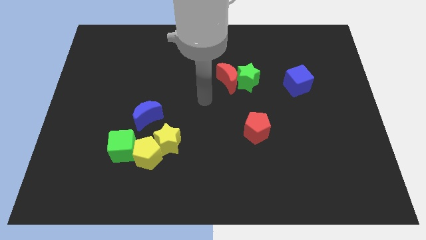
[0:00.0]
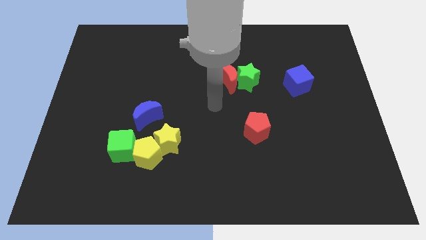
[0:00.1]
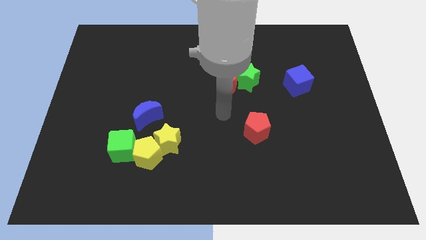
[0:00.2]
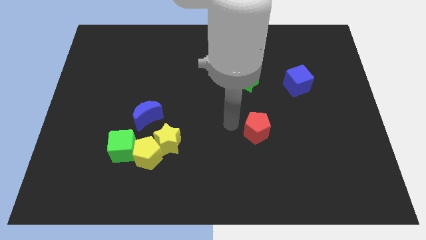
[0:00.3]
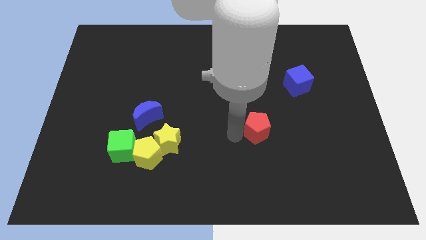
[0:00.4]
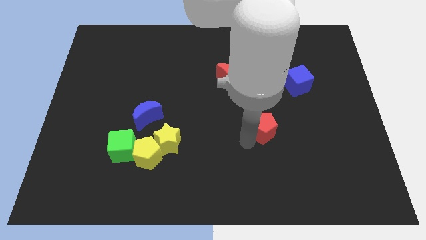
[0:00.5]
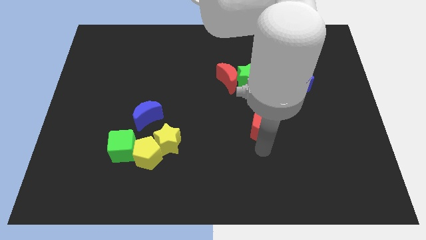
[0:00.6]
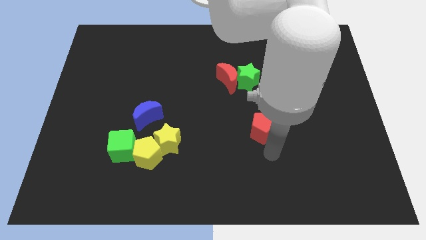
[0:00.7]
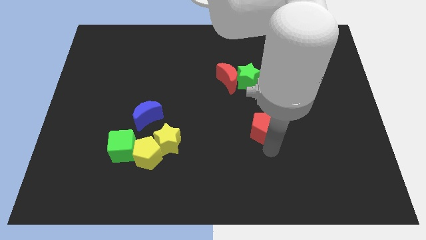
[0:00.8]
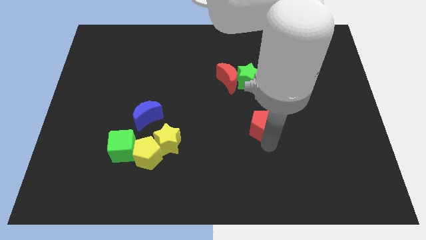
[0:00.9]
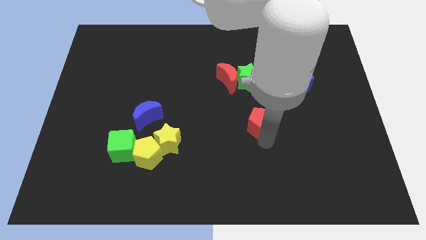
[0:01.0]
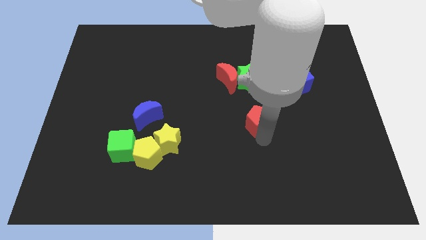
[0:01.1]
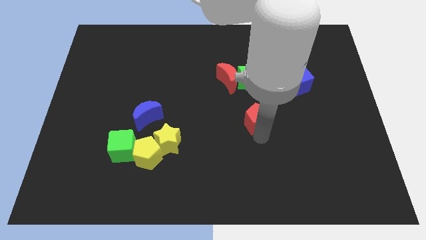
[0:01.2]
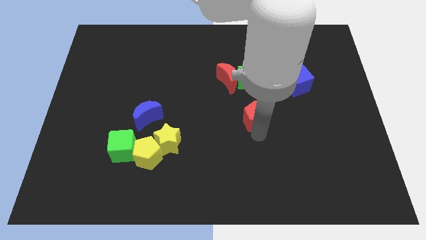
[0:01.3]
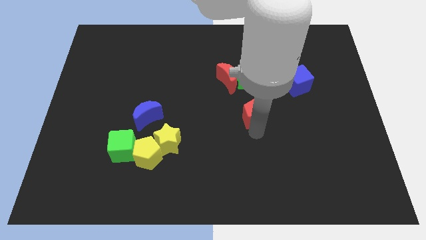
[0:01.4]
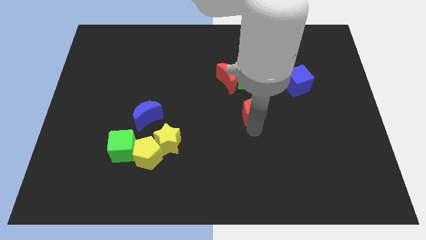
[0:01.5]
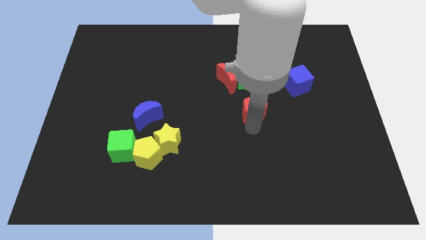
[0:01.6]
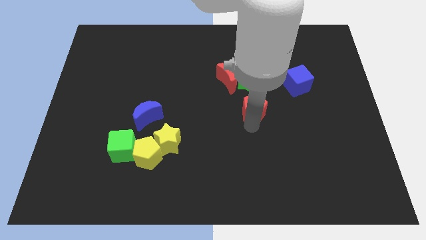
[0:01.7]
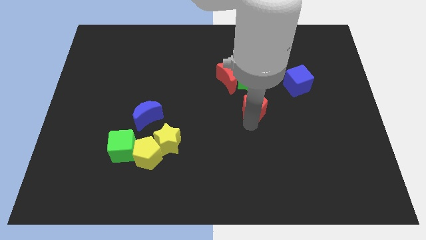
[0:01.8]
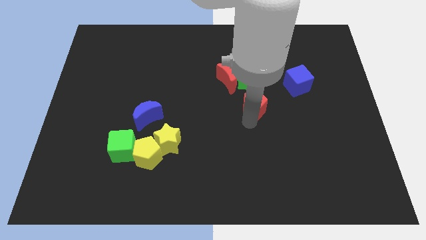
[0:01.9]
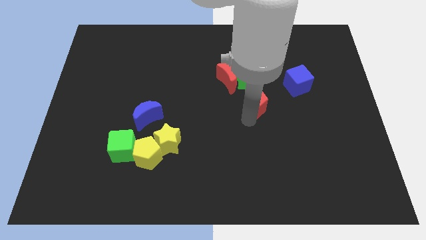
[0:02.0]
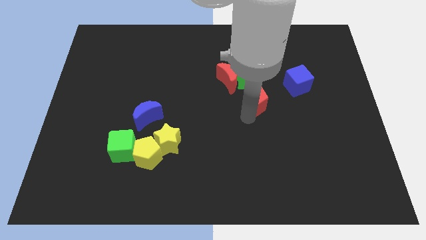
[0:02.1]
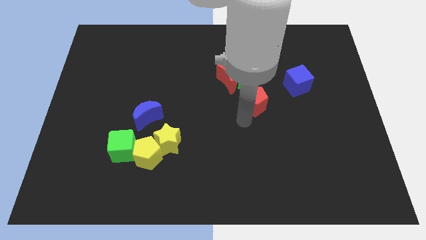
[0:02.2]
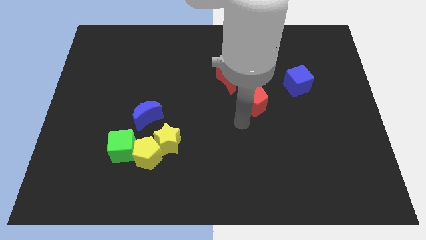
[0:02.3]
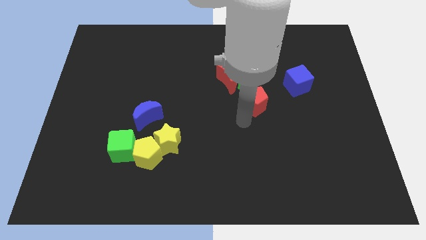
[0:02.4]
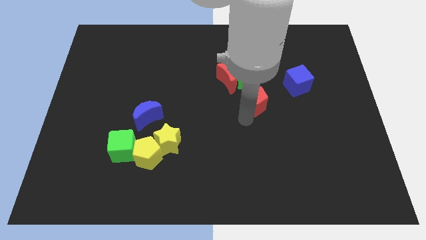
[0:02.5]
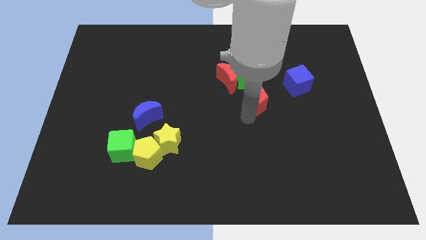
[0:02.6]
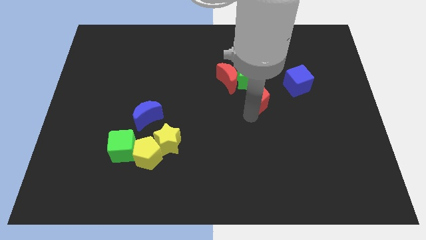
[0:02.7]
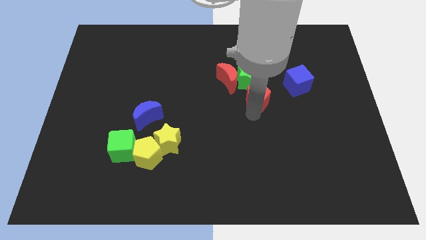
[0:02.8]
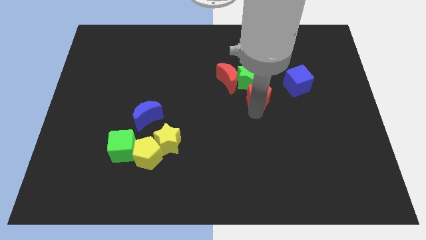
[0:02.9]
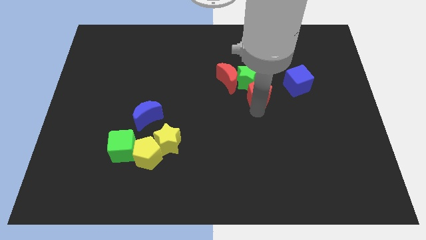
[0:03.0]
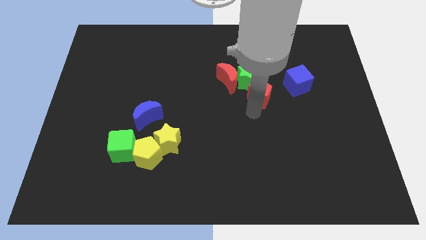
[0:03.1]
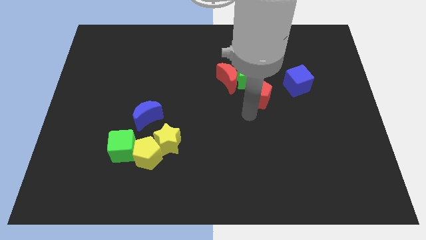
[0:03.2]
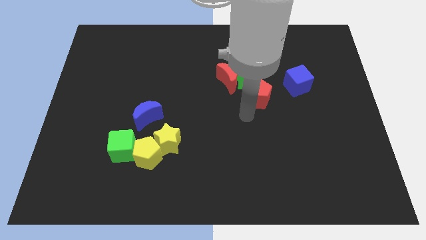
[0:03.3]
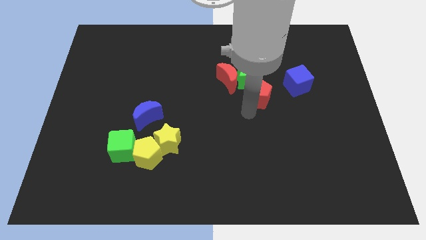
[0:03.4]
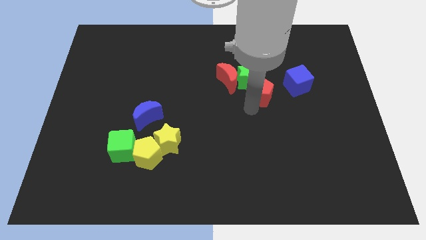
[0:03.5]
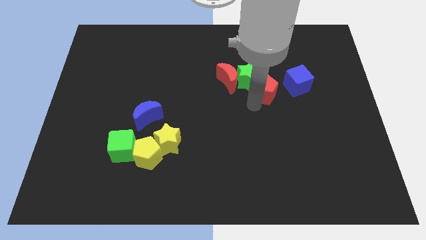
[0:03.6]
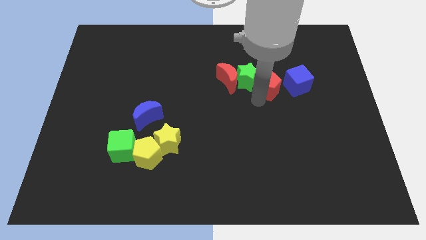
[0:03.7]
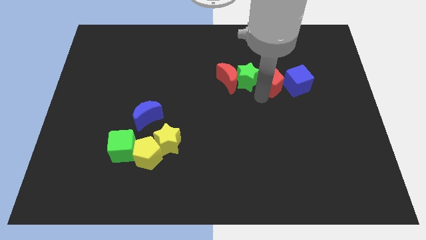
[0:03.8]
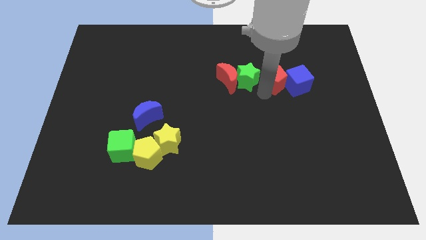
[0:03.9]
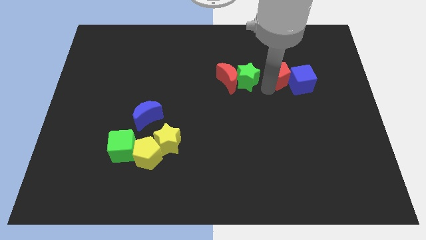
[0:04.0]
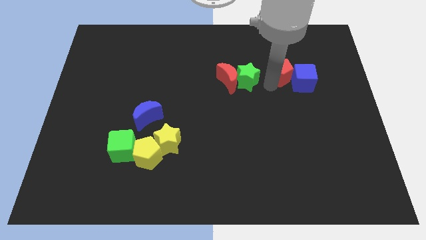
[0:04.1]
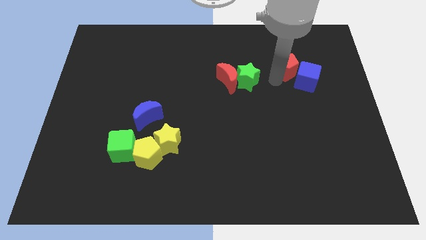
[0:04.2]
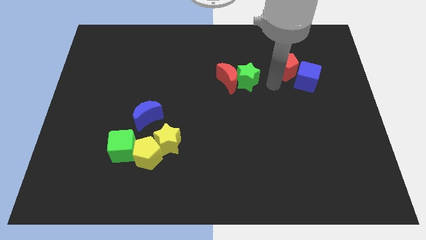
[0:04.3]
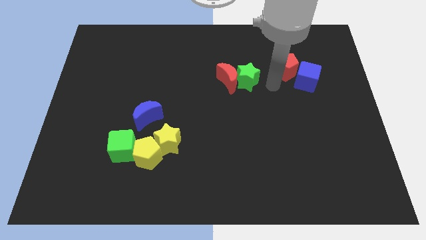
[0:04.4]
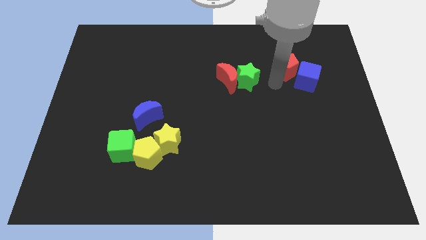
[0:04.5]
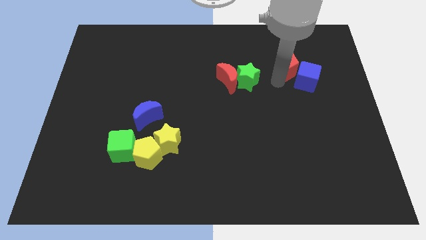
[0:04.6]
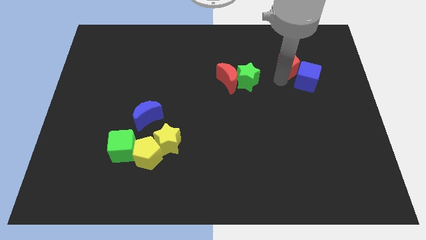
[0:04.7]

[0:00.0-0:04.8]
slide the red pentagon to the top side of the blue cube

***

Task description: Write out the data in full and exactly as given, though without the images.

The answer:
[0:00.0]
[0:00.1]
[0:00.2]
[0:00.3]
[0:00.4]
[0:00.5]
[0:00.6]
[0:00.7]
[0:00.8]
[0:00.9]
[0:01.0]
[0:01.1]
[0:01.2]
[0:01.3]
[0:01.4]
[0:01.5]
[0:01.6]
[0:01.7]
[0:01.8]
[0:01.9]
[0:02.0]
[0:02.1]
[0:02.2]
[0:02.3]
[0:02.4]
[0:02.5]
[0:02.6]
[0:02.7]
[0:02.8]
[0:02.9]
[0:03.0]
[0:03.1]
[0:03.2]
[0:03.3]
[0:03.4]
[0:03.5]
[0:03.6]
[0:03.7]
[0:03.8]
[0:03.9]
[0:04.0]
[0:04.1]
[0:04.2]
[0:04.3]
[0:04.4]
[0:04.5]
[0:04.6]
[0:04.7]

[0:00.0-0:04.8]
slide the red pentagon to the top side of the blue cube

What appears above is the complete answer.